Kebun Wisata Tanaman Obat (Agritourism Herbal Garden) and Green Spaces. The idea was to create an icon for the community that they can be proud of and would like to take part in its success. Located next to Balai Warga, the herbal garden was open for site visits, an information centre on herbs, its benefits and usage, increase awareness on natural health remedies, and as a functioning green space which can be enjoyed by the community.

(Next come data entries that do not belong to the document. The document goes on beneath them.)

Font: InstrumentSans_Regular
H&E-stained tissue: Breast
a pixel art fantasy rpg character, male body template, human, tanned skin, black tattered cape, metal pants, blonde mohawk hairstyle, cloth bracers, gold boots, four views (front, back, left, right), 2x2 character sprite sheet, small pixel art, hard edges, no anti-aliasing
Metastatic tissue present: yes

The garden was built on a 5000 square metre land, and was self funded by the residents. It possessed up to ninety (90) types of herbal plants that was grown there. This effort was assisted by the ASPETRI (associaton of traditional herbs producers of Indonesia). A bamboo-made saung was also constructed with the idea that the residents can reserve the place for lunch, meetings or simply to have family moments overlooking the gardens and the balai warga. The overall idea was to ensure that the garden could really be utilized by the community.

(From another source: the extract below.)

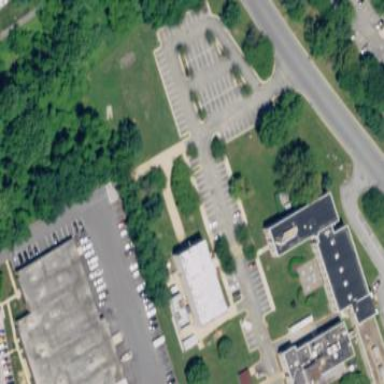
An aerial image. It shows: Parking area with surface.
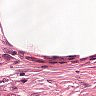
Metastatic tissue present: no

To further creating livability, community were encouraged to have green plants in front of their home and on almost every streets within the neighbourhood. To add tidiness, the trotoirs were repainted and pots of plants were also put on the main streets, as well as making green spaces in idle lands.

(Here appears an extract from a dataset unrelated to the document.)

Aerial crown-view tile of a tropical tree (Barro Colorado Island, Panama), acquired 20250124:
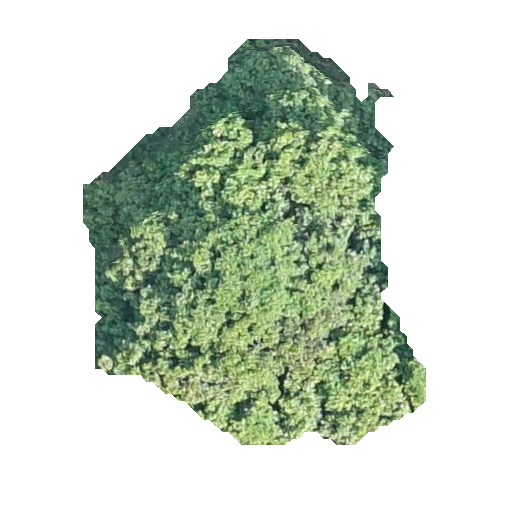
Species: Prioria copaifera
GBIF accepted scientific name: Prioria copaifera
Crown area: 144.492 m²

The message that was continuously buzzed in the neighbourhood management is that a clean is the key to a healthy and comfortable living environment, in which community’s participation in maintaining the condition is pivotal. To keep the neighbourhood alive, community activities were highly encouraged, with routines like RW siaga (to combat dengue fever), kerja bakti (voluntary community work), independence day’s events trail, aerobics, and others, as well as incidentals such as Kampung Anti Narkoba (anti-drugs kampung) movement by building Anti-Narkoba posts accross the area. A monthly newsletter, Warta 09¸ were also circulated to keep every resident informed and acknowledged as part of the community.
Initiatives like one that RW 09 have, certainly would not take place without the work of a rigorous and dedicated RW officials as well as a supportive community. However, it would also never take place if there was no intention to nurture partnership amongst residents and the Rukun Warga (RW) official in making the neighbourhood becomes a home, instead of mere space, to be shared together. The community of RW 09, as well as many communities in DKI Jakarta, had proven that this simple intention is enough to ignite significant changes in any neighborhood.